Avezzano è vicina. Il treno regionale lascia Civita Roveto e sosta brevemente in piccole fermate ferroviarie prima di giungere a pochi chilometri dalla piana del Fucino, a Capistrello, dove la Valle Roveto si restringe formando uno stretto imbocco.
Capistrum
Il paese venne ricostruito interamente dopo il terremoto del 1915 e l’antico borgo deve il suo nome alla posizione geografica privilegiata. Da lì è possibile dominare lo stretta entrata nella Valle Roveto, provenendo da Avezzano. Il toponimo deriva infatti dal latino capistrum, in italiano cavezza, in riferimento al piccolo ingresso. Di storia Capistrello ne ha vista tanta. Ha origini antichissime, preistoriche, e i Marsi vissero qui in pace fino alla conquista romana. Per tutto il medioevo fu un centro abitato strategico perché era attraversato dall’unica strada che, all’epoca, conduceva da Pescara a Napoli. Durante l’invasione francese del Mezzogiorno le truppe napoleoniche presero il paese dopo cruente e lunghe battaglie con la gendarmeria locale. Le autorità italiane, dopo l’Unità, ebbero un gran da fare per fermare le numerose bande di briganti che minacciavano Capistrello.
L’emissario di Claudio
Nel suo sottosuolo è conservato un reperto mirabile dell’ingegneria romana. L’imperatore Claudio volle prosciugare il lago Fucino per aumentare la produzione agricola: si sarebbero così recuperate terre fertilissime. Si progettò quindi la costruzione di un canale, a tratti sotterraneo, per far defluire le acque lacustri nel Liri. Per decenni funzionò a pieno regime fino al I secolo d.C., quando si ostruì per la pessima manutenzione. Si tentò più volte nel medioevo e nell’età moderna di rimetterlo in sesto senza riuscirci: Federico II di Svevia, prima, e i Colonna, successivamente, non portarono mai a termine i lavori di ripristino.
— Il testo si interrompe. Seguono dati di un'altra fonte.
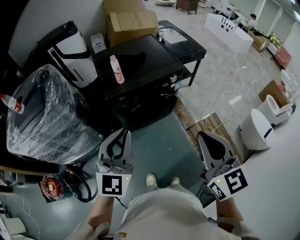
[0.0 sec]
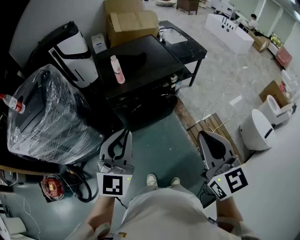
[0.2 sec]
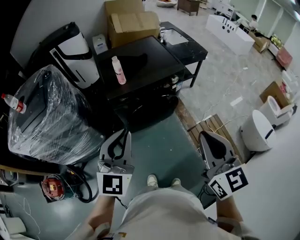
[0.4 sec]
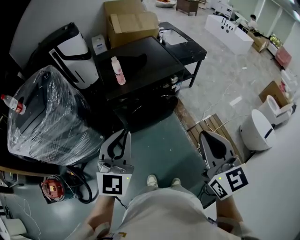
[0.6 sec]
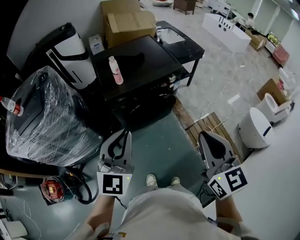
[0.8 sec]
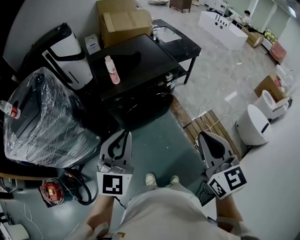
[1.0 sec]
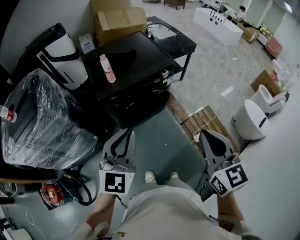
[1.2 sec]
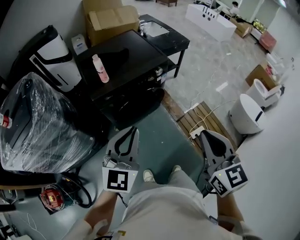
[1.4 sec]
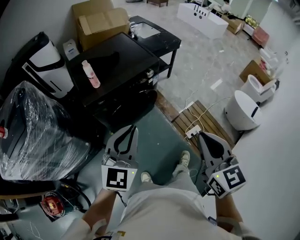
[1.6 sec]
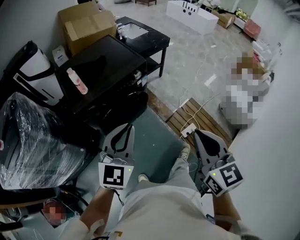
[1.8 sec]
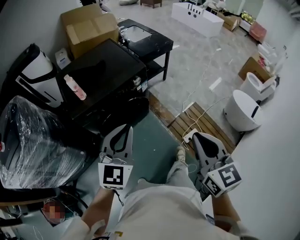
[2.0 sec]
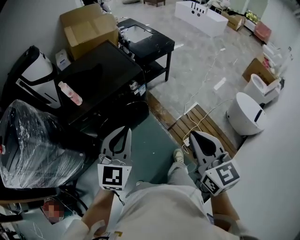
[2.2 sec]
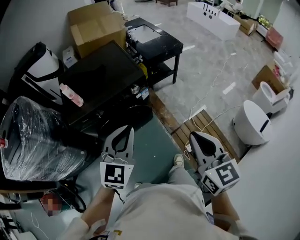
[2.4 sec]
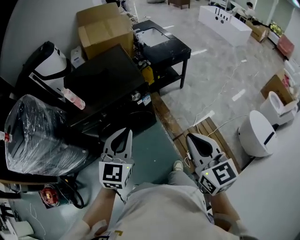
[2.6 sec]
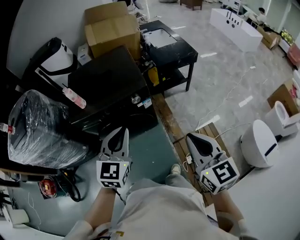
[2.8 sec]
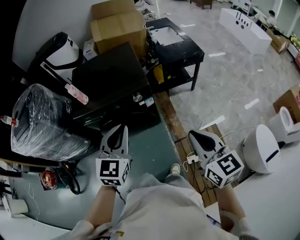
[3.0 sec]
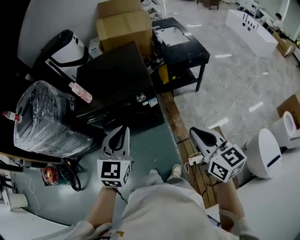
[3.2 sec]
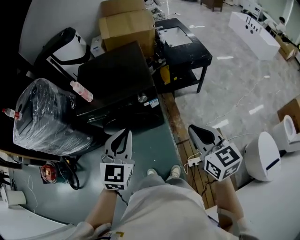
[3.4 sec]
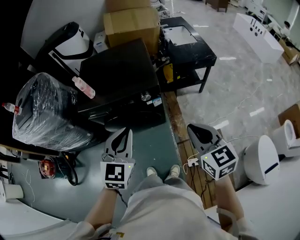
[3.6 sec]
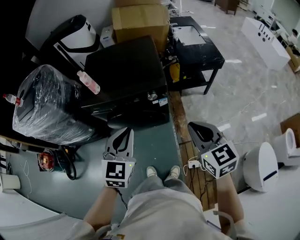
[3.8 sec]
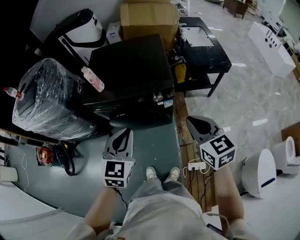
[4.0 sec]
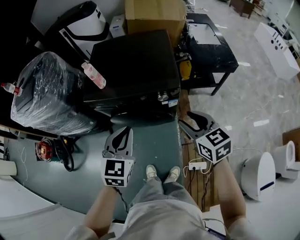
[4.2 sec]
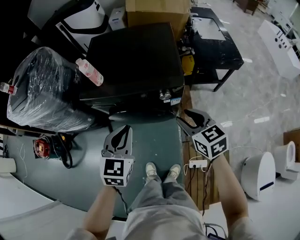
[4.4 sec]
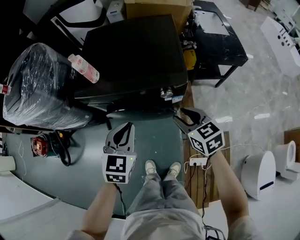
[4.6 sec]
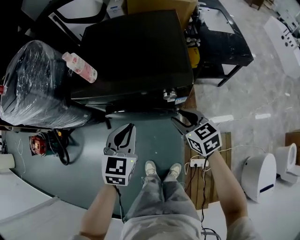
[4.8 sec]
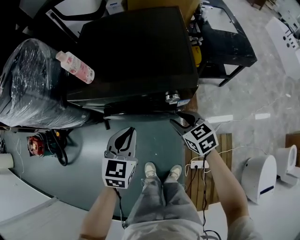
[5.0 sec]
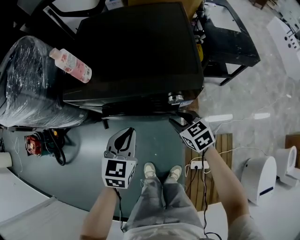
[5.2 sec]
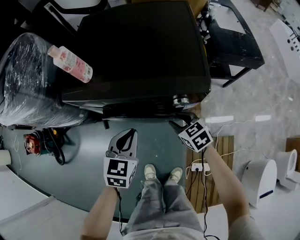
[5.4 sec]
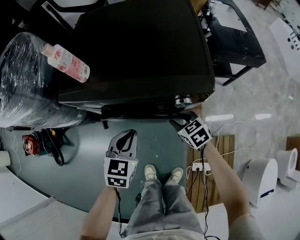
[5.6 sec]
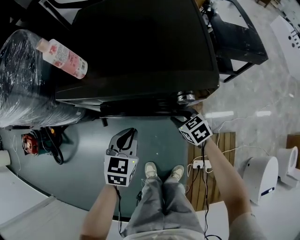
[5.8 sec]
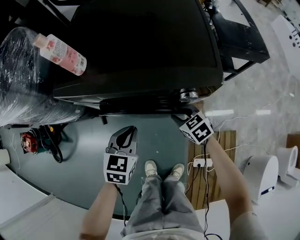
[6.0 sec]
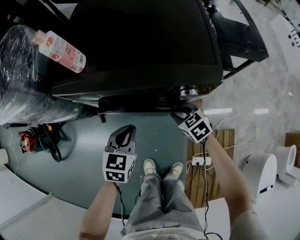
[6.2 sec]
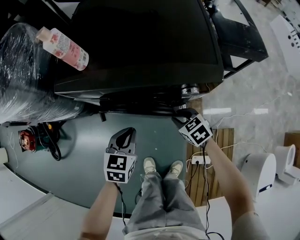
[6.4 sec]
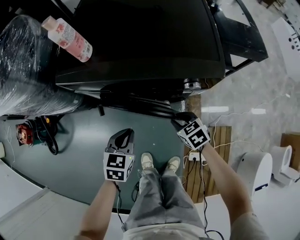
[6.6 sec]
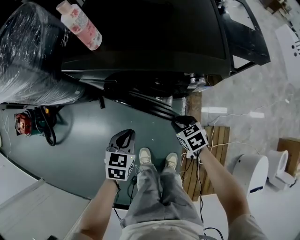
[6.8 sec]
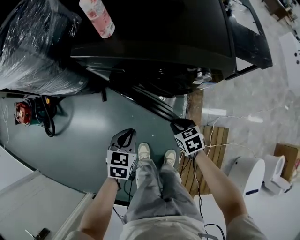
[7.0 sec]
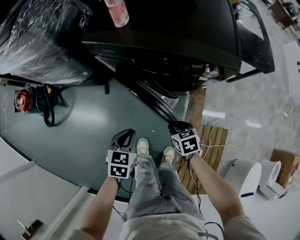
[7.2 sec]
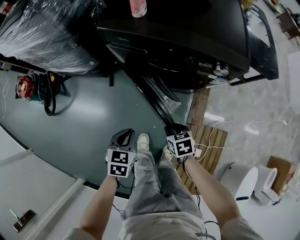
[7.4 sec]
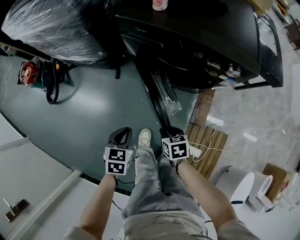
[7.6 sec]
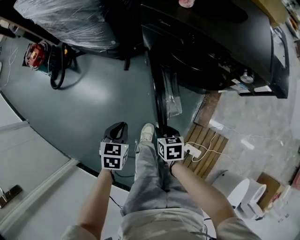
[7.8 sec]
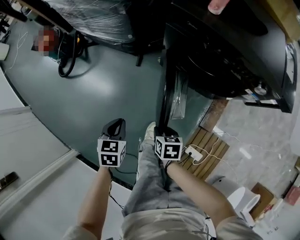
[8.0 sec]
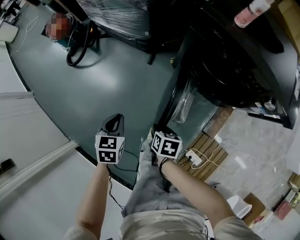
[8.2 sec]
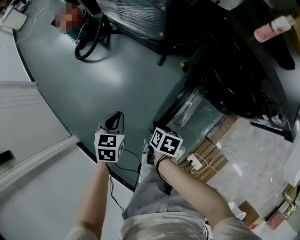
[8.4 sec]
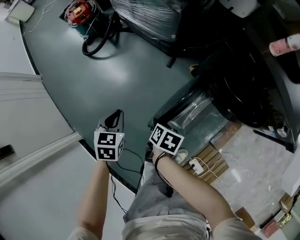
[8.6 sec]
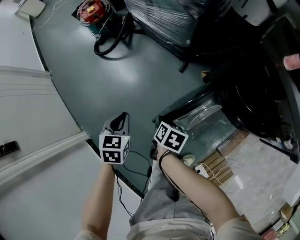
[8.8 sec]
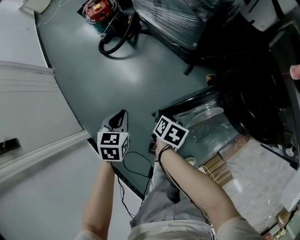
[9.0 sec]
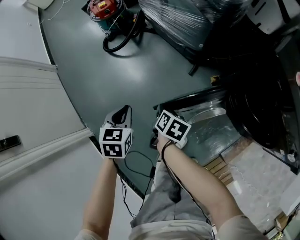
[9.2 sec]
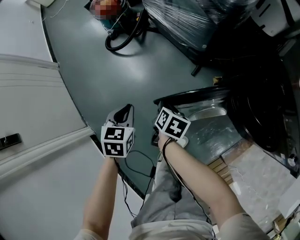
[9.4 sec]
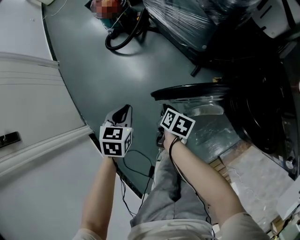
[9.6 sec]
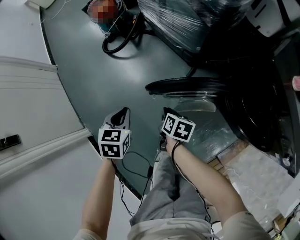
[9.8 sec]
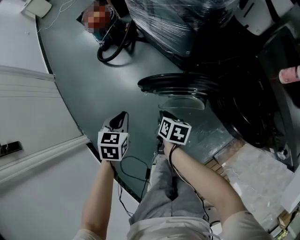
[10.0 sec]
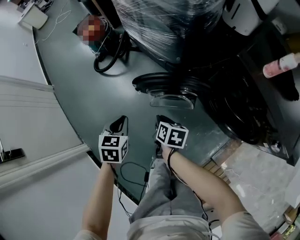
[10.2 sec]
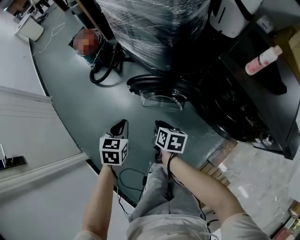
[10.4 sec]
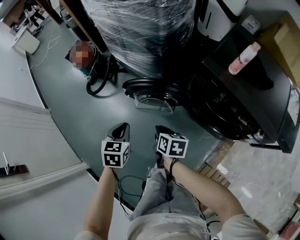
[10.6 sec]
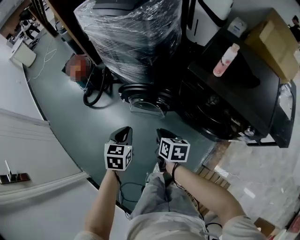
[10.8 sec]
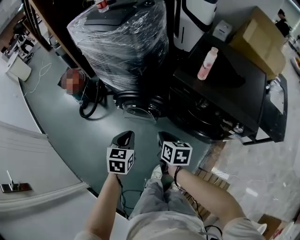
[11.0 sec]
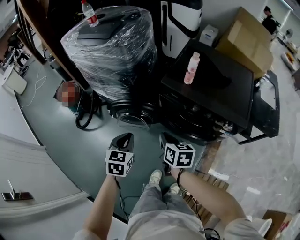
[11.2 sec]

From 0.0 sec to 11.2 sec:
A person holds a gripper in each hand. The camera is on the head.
From 0.0 sec to 1.6 sec: Both grippers move to the right, approximately 5 cm.
From 1.6 sec to 3.2 sec: The left gripper moves some 30 cm, and changes its angle by approximately 30 degrees. The right gripper moves some 40 cm, and swivels about 40 degrees.
From 3.2 sec to 4.8 sec: The left gripper moves downward and forward, about 25 cm, while the right gripper travels forward, downward and to the left by about 40 cm, rotates roughly 30 degrees, and opens.
From 4.8 sec to 6.4 sec: Both grippers move downward, approximately 20 cm. The right gripper rotates about 20 degrees.
From 6.4 sec to 8.0 sec: Both grippers are carried to the left and backward, roughly 40 cm. The left gripper turns by approximately 40 degrees. Meanwhile the right gripper turns by some 20 degrees.
From 8.0 sec to 9.6 sec: The right gripper is displaced forward and to the left by roughly 30 cm; the left gripper moves to the left and forward, about 25 cm, and rotates some 30 degrees.
From 9.6 sec to 11.2 sec: The left gripper moves about 40 cm, and swivels some 30 degrees. The right gripper travels upward by approximately 35 cm, and swivels approximately 30 degrees.

Avidianum, una terra fertile
Il treno regionale arriva ad Avezzano, il capolinea della Ferrovia del Liri, che si sviluppava anticamente sulle rive dell’antico lago Fucino. Il suo nome è una volgarizzazione dell’aggettivo prediale, Avidianum, ovvero un attributo che indica il possessore di un terreno: ad Avezzano infatti visse la gens Avidia. I Marsi per primi si insediarono sulle rive del Fucino e i Romani, quando vi giunsero, fondarono l’antica Ager Fucens. Constatarono la straordinaria fertilità del suolo e l’imperatore Claudio fece realizzare un canale artificiale per prosciugare il lago, recuperando così ettari di terra vergine. Le invasioni barbariche e la caduta dell’Impero Romano causarono una repentina rovina del territorio. Il lago aumentò di livello, in seguito all’ostruzione dell’emissario di Claudio, e invase i campi arati. Le incursioni dei goti e degli alamanni causarono l’abbandono di Ager Fucens e la popolazione si rifugiò in villaggi sparsi per le montagne circostanti. Quando nel 1268 Carlo d’Angiò sconfisse le truppe di Corrado di Svevia nella battaglia di Tagliacozzo, il sovrano napoletano si accinse a riordinare quella regione desolata. Venne così fondata l’odierna Avezzano.
Un lago di nebbia
Dal treno è possibile ammirare il vasto altopiano di Avezzano. Saltuariamente la nebbia ricopre la piana, come le acque del lago che fu prosciugato dal principe Alessandro Torlonia tra il 1855 e il 1876. Dopo 18 secoli il bacino lacustre, il terzo più grande d’Italia, sparì, consentendo alla popolazione locale di sfruttare circa 14.000 ettari di terre. Avezzano potè svilupparsi ulteriormente, dotandosi di infastrutture moderne, come lo scalo ferroviario, e di una grande zona industriale.
Trema la terra
La prosperità economica di Avezzano si arrestò alle ore 07:52 del 13 gennaio 1915. Un devastante terremoto colpì la città e i dintorni. Le vittime furono ingenti, diecimila sono ad Avezzano, secondo i calcoli dell’epoca, e la città venne totalmente distrutta per poi rinascere con un sembianze del tutto differenti.